今回の収録ではAl Grey (tb)を敬愛してやまない榎本の、ピクシーミュートとプランジャーミュートを併用したソロをフィーチャーしました。
Al Greyを意識しつつも現代的な感覚を取り入れた榎本の渾身のソロ、4人で取り組んだCurtis Fullerのソロフレーズ、そしてJohn Coltraneのペンによるテーマへ、というなかなか面白い内容のセッション収録になったのではないでしょうか。

(by 川原聖仁)

The Way We Were

1973年に公開されたアメリカの恋愛映画『追憶』の主題歌。歌手Barbra Streisandの代表曲となっていますが、アメリカ内外、もちろん日本でも、多くの歌手にトリビュートされ、カヴァーされている名バラード。
数々のジャズミュージシャンにも演奏され、名演を残しています。心の琴線に触れてくるメロディのチカラ、演奏するときも自然と感情移入できます。温かいハーモニーとスウィートメロディを表現できるトロンボーン四重奏のサウンドと、とても相性が良いということもあり、私にとってVOLTZのレパートリーの中で大好きな曲のひとつです。
私、三塚のメロディソロが主体のアレンジですが、しっとりとした気分でお楽しみ頂けたら幸いです。

(by 三塚知貴)

Maruhabaa!

スリランカ南西のインド洋に浮かぶ大小数多くの島々からなる国、モルディブ共和国に旅行で赴いた際、感じた折々をそのまま曲にしました。
夜遅く現地に着き、翌朝海から太陽が昇る美しい様に感動し、その綺麗な海に飛び込んで遊び、日が落ちてからは妖艶な踊り子達によるパフォーマンスの虜になり、また翌日遊び…。

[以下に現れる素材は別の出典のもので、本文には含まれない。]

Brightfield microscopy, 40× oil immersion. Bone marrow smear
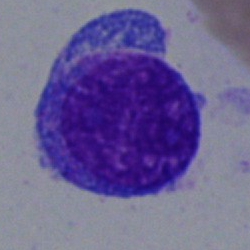
Morphological class: undifferentiated blast.
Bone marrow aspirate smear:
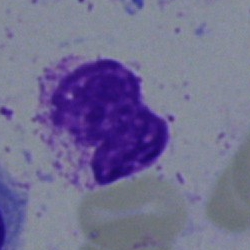 Single cell identified as a segmented neutrophil.
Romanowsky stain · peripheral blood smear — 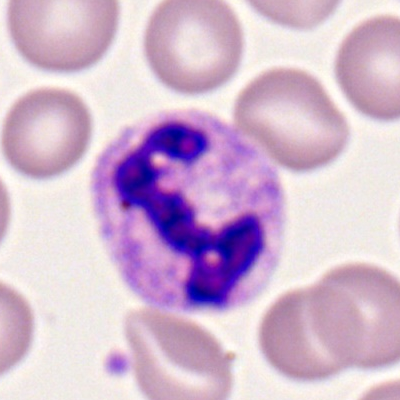

Impression → segmented neutrophil.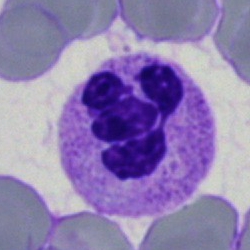The classification is segmented neutrophil.
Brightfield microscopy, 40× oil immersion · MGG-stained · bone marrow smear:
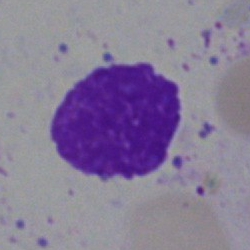Specimen: bone marrow smear.
Classification: artefact.
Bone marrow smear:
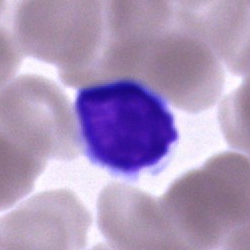

Cell type = lymphocyte.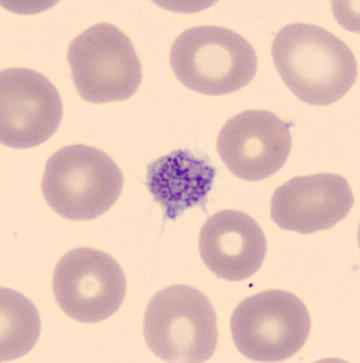
Morphology consistent with a platelet. Preparation: Peripheral blood film. May Grünwald-Giemsa stain.
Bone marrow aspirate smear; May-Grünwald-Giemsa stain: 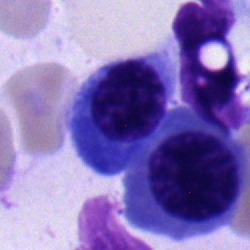

A nucleated red blood cell.

「何もしない」で楽しく過ごした毎日。
Maruhabaaとは、現地の言葉であるディベヒ語で「ようこそ」という意味。そんな雰囲気を少しでも感じて頂けましたら幸いです。
Solist;川原聖仁・榎本裕介

(by 朝里勝久)

Have You Heard

アメリカのジャズギタリストであり、作曲家としても世界的に高く評価されているPat Metheny。
その洗練されたクリーンなサウンドをトロンボーン四重奏に…というチャレンジングなアレンジですが、最近は毎回のようにライヴで演奏しています。
この「Have You Heard」は、テーマ部分は7/4拍子で構成されています。いわゆる変拍子なのですが、自然に耳に馴染む印象的なメロディが魅力です。
そんなメロディから、アドリブソロは三塚から川原の順、エンディングに向けて…と、次から次へとスリリングさがバトンタッチされていきます。
活動10年目のVOLTZのチームワークの真骨頂…でしょうか。ご覧(?)ください。